Assignment
Locate the line bearing "de la visitación" in the material below, then reproduce it and each following line up to and including the line bearing "Mas eu quero te mostrar Algumas coisas".

Supplied entries

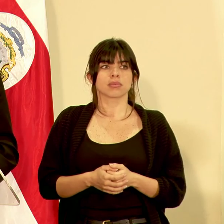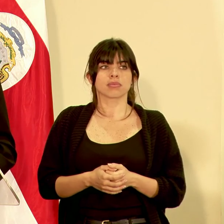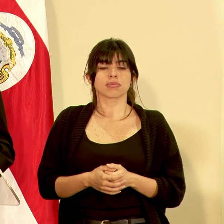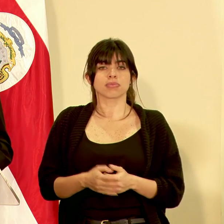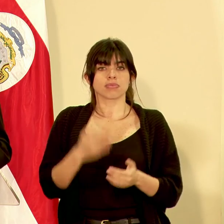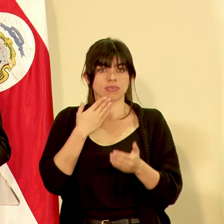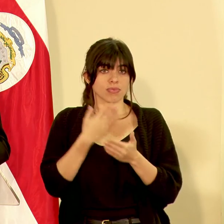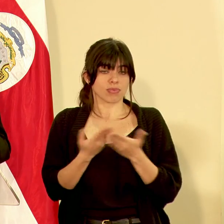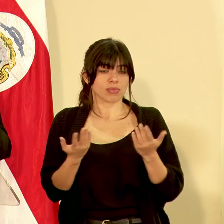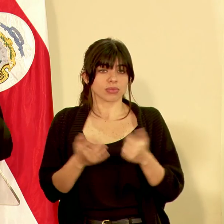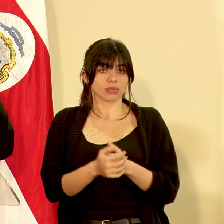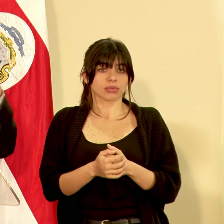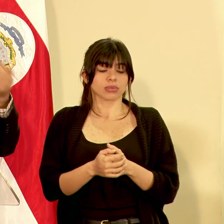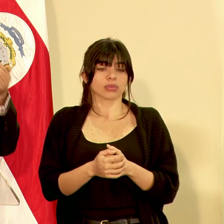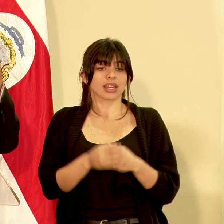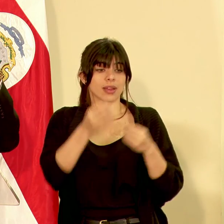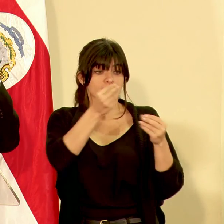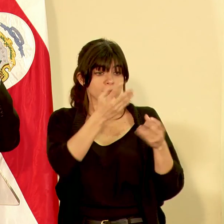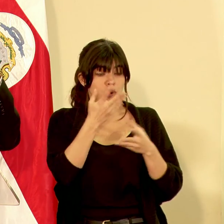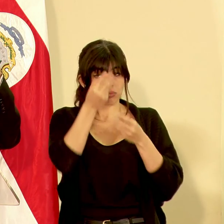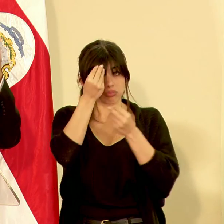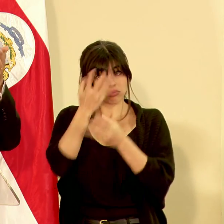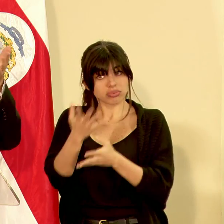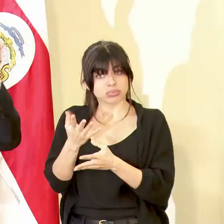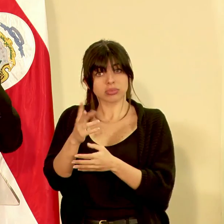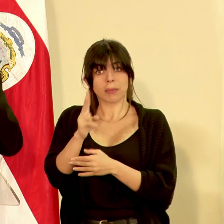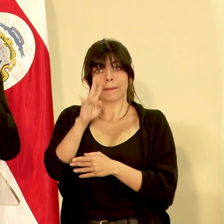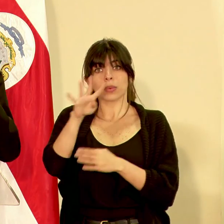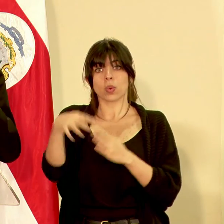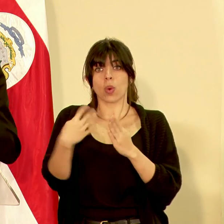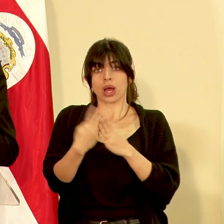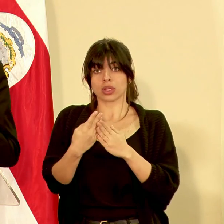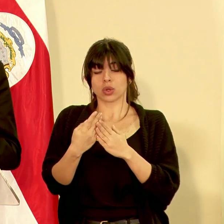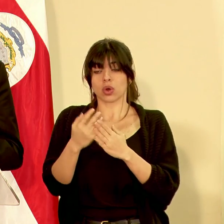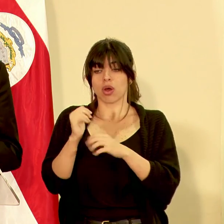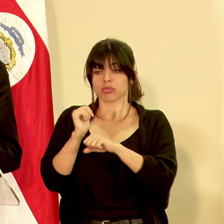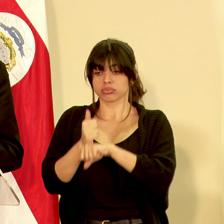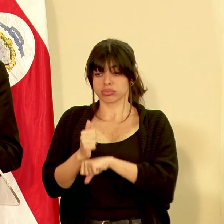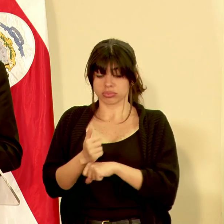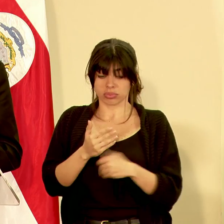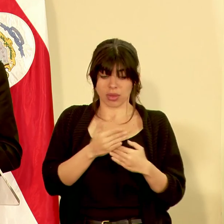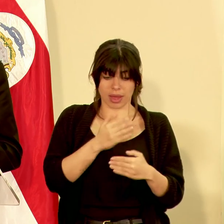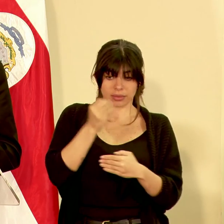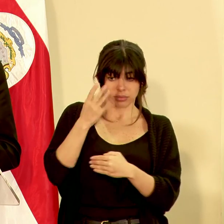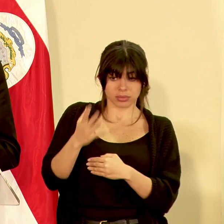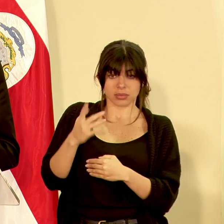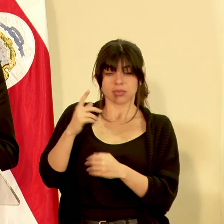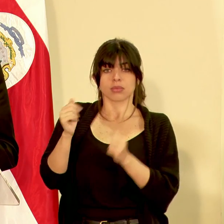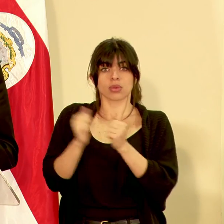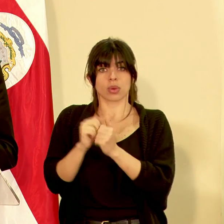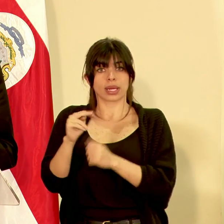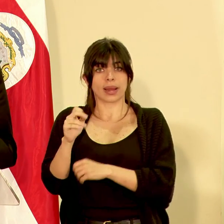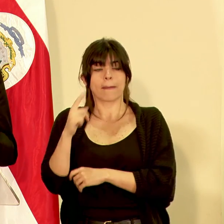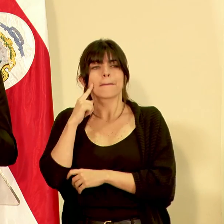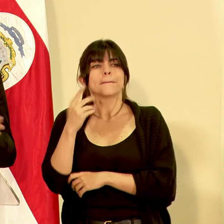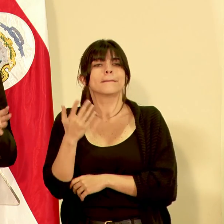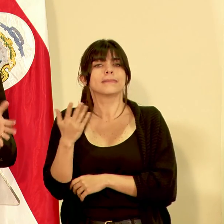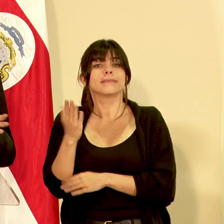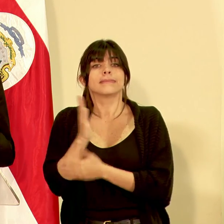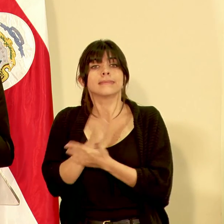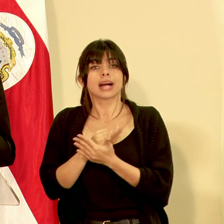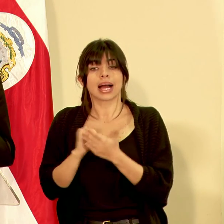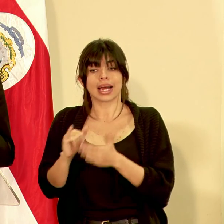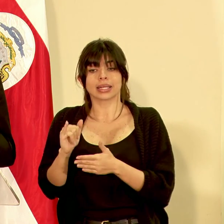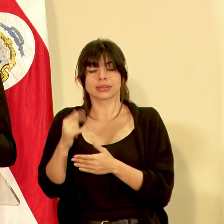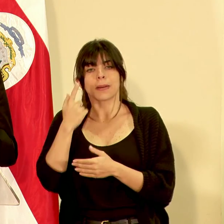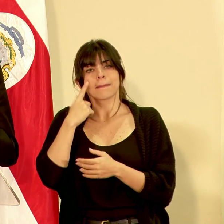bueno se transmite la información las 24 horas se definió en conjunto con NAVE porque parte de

...

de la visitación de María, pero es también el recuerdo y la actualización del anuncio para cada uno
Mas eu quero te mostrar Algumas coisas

Your response
de la visitación de María, pero es también el recuerdo y la actualización del anuncio para cada uno
Mas eu quero te mostrar Algumas coisas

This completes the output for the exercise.